Samples collected according to the advancement of the fire edge showed differences in the soluble sugar concentrations, which were higher in the F than in the C position, as confirmed by Δi. This suggested low injuries on the side of the tree that was first exposed to the flames compared to the tree side that was later enveloped with the advancement of the fire edge (according to [28,29]). The glucose concentrations along a height gradient of the stem highlighted the potential fire-caused damages to soluble carbon transport within the phloem, as glucose concentrations in samples collected at 1.5 m were lower than those at the collar. A higher glucose concentration at the collar might suggest the mobilization of root reserves, as supposed by [30]. However, in February 2024, trees characterized in 2022 were assessed by showing a satisfactory prediction of death in 61% of cases. The central role of glucose concentration in the phloem in defining latent death events after fire is therefore emphasized. However, the starch concentrations in wood relieved a limited availability of carbon stored in the ray parenchyma in dead plants compared to living trees, as expected. On the contrary, the high levels of starch in scorched trees (double those found in living trees) might suggest that the reduced quantity of glucose is attributable to passive carbon storage or a reduced α-amylase activity [31] and not to a lack of substrate for enzymatic activity.

The practices of safeguarding, restoration, and “salvage logging” are becoming more and more common in Tuscany as well as in other areas around the world. These practices allow to mitigate further post-fire forest and soil degradation and to minimize commercial wildfire injury. For this purpose, it is important to recognize the latent mortality of an individual tree at an early stage so that post-fire restoration efforts can be planned after a fire without affecting vital trees.

Our study is addressed to consider the potential to assess the vitality in the early stages after a fire. This study is supported by a recent study [20] that highlights the importance of NSCs for tree survival and post-fire recovery. The study [19] observed an NSC depletion, corresponding to a carbohydrate availability limitation for maintaining tree function post-fire in Pinus ponderosa. NSC depletion may be the result of fire-caused injuries, which is useful in defining post-fire tree mortality and then, in planning forest recovery.

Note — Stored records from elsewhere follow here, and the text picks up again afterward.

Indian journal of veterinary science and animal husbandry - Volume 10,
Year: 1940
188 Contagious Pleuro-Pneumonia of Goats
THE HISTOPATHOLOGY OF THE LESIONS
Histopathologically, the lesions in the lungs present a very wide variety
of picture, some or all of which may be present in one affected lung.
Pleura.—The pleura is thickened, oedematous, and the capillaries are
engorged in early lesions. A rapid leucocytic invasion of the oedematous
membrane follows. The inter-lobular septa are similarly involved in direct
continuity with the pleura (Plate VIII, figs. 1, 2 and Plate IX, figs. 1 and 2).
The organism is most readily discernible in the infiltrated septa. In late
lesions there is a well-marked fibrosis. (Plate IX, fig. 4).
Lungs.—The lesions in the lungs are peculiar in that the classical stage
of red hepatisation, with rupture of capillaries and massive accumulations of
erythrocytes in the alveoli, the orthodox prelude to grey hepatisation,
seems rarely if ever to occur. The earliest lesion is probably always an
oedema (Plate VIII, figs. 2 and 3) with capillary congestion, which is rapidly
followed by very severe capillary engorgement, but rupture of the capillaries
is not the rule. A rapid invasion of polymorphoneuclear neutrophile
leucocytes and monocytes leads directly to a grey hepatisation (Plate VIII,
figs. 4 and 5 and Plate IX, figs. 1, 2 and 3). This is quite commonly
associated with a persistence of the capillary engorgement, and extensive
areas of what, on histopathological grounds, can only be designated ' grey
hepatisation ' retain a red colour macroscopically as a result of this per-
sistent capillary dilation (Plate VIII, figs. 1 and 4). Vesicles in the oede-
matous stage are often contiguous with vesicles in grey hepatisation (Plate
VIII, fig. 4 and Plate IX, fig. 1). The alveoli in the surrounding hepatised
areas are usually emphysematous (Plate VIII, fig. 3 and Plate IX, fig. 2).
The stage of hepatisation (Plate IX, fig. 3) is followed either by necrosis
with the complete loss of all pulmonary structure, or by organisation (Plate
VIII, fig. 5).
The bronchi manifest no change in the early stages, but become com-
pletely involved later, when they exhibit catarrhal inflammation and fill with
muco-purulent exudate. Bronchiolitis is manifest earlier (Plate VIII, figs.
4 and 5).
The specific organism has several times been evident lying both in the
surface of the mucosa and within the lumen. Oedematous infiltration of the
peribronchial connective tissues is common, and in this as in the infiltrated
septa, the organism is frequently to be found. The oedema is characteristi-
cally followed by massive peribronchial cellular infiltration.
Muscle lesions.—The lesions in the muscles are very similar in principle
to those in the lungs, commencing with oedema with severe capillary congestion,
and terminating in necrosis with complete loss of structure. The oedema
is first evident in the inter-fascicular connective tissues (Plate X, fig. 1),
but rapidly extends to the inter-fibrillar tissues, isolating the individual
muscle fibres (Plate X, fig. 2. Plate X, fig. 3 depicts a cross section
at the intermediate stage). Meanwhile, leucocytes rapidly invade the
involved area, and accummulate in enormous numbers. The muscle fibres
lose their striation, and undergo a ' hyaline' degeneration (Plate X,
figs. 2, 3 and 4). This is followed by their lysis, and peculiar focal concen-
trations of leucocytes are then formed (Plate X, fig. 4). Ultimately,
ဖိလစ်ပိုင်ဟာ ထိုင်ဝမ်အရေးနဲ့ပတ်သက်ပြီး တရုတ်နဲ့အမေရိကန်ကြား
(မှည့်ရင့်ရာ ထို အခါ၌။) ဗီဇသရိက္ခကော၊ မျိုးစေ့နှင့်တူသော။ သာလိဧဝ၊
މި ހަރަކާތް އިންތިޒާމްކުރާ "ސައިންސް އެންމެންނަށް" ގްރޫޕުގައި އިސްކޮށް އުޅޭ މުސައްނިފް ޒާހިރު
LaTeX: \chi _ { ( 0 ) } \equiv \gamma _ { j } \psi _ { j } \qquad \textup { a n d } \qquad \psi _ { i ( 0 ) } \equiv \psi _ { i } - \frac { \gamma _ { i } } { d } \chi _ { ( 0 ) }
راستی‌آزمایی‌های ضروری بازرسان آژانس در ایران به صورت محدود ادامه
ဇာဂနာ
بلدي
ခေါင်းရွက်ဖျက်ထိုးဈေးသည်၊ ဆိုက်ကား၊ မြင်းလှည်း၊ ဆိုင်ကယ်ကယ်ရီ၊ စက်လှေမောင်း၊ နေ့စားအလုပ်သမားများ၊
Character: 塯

In conclusion, the proposed protocol was developed to quickly assess the latent mortality on a single tree through the soluble sugars and glucose concentrations in tree stems at different heights by applying portable devices, such as commercial glucometers normally used in medicine. Although this approach seems to be valid and friendly, we highlight the need to deep the investigations at different levels to verify (i) the application to a wide range of species (hardwood vs. softwood, shrubs vs. herbaceous); (ii) the involvement of specific molecules translocated in the phloem sap (soluble sugars, ethanol, amino acids) produced at high temperatures and inducing cell death; (iii) the development of appropriate and specific biosensors for rapid detection in the field; (iv) and the involvement of physiological processes related to the signal transport from the burned portion of the stem to the crown to improve the definition of the Δi ranges.